== Segment start ==

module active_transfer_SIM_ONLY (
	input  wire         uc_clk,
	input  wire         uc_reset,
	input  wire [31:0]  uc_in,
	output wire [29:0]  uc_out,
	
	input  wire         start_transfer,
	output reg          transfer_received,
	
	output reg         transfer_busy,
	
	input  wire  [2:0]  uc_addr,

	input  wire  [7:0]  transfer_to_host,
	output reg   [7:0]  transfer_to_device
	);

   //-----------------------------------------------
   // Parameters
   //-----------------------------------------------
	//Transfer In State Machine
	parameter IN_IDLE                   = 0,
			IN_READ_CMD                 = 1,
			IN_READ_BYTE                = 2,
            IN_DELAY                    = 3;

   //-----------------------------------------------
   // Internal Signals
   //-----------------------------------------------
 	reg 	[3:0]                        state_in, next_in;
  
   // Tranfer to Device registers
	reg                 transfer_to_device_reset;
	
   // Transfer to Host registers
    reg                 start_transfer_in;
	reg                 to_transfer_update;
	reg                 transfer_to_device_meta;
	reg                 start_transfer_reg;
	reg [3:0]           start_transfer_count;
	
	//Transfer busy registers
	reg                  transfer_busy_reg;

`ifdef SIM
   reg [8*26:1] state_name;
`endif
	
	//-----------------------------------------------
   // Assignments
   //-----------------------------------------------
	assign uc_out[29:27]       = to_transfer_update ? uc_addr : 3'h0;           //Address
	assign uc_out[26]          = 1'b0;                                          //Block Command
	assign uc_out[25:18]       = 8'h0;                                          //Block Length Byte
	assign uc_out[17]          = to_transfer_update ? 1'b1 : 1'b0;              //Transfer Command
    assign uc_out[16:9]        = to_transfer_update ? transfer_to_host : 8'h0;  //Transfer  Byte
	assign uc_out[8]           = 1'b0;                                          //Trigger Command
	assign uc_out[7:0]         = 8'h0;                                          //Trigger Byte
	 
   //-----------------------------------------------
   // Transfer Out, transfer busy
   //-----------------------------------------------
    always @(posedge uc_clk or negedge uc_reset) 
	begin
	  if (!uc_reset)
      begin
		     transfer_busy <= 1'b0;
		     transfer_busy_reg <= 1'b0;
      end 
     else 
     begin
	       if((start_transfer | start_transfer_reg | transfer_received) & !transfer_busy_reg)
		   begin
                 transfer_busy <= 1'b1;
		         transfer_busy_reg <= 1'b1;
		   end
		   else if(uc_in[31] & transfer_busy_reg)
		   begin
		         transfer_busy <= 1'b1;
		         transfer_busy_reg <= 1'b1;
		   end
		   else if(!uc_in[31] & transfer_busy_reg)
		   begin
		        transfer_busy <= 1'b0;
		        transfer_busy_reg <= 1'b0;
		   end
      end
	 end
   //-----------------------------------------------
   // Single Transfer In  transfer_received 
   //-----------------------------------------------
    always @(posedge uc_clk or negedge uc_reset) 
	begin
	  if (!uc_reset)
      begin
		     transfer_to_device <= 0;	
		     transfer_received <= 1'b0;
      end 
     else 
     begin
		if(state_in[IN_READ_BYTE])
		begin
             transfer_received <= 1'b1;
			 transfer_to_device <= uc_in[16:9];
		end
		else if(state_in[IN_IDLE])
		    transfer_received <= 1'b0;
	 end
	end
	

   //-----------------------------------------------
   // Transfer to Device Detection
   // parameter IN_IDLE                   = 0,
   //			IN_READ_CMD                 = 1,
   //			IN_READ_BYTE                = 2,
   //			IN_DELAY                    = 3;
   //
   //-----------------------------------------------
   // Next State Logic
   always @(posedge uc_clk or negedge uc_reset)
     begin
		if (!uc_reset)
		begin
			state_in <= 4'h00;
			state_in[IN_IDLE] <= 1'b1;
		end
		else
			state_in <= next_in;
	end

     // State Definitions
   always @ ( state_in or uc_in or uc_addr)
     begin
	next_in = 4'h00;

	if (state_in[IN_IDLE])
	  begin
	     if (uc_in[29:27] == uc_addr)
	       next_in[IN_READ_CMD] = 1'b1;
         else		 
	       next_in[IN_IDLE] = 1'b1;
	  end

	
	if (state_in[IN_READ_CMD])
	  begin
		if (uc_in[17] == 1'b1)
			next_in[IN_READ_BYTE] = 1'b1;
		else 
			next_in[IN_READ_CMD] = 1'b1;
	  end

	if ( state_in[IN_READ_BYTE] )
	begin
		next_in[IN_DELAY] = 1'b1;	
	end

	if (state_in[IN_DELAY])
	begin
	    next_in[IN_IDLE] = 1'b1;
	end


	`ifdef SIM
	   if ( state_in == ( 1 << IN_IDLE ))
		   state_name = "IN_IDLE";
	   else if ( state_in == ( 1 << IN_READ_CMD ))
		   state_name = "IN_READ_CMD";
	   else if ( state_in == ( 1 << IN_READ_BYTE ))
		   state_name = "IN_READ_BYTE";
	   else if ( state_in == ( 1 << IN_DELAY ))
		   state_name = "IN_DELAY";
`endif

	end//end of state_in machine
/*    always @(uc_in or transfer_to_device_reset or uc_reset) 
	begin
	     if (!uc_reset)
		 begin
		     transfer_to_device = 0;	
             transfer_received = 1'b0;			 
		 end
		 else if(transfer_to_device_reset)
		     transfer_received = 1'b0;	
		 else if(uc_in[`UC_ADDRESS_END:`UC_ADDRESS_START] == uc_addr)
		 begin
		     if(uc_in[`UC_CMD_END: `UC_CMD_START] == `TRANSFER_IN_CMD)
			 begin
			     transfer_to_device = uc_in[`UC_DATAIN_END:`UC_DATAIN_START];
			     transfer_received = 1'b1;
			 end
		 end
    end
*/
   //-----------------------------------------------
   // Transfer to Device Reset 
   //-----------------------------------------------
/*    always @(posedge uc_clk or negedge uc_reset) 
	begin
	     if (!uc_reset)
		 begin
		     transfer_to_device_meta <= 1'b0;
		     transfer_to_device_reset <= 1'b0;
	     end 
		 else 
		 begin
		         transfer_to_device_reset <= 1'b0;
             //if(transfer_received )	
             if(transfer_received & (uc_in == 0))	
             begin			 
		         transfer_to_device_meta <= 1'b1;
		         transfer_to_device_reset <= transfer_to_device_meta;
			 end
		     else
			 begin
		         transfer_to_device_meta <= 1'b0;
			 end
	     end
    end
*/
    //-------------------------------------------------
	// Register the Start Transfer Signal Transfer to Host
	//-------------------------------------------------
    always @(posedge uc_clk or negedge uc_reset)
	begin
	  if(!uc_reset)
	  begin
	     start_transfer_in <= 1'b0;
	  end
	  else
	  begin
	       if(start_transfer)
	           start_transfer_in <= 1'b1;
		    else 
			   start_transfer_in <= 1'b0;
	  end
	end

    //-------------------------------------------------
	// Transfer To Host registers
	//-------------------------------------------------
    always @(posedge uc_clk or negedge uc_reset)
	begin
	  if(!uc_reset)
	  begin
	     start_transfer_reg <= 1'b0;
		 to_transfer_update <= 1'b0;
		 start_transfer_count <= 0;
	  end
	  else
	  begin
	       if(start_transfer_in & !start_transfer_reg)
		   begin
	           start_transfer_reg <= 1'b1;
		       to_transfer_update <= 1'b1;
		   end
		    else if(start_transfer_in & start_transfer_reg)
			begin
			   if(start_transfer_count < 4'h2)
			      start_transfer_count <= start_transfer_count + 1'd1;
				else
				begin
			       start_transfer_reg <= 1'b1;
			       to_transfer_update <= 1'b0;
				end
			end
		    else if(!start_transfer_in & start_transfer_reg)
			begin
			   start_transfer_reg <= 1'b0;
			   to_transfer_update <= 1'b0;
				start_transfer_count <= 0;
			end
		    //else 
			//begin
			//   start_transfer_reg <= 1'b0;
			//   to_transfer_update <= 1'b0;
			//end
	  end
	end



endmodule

== Segment end ==

# What the exercise asks
Counting only lines that hold the word "registers", report how many there are in the listing above, as a number alone.

# Task solution
4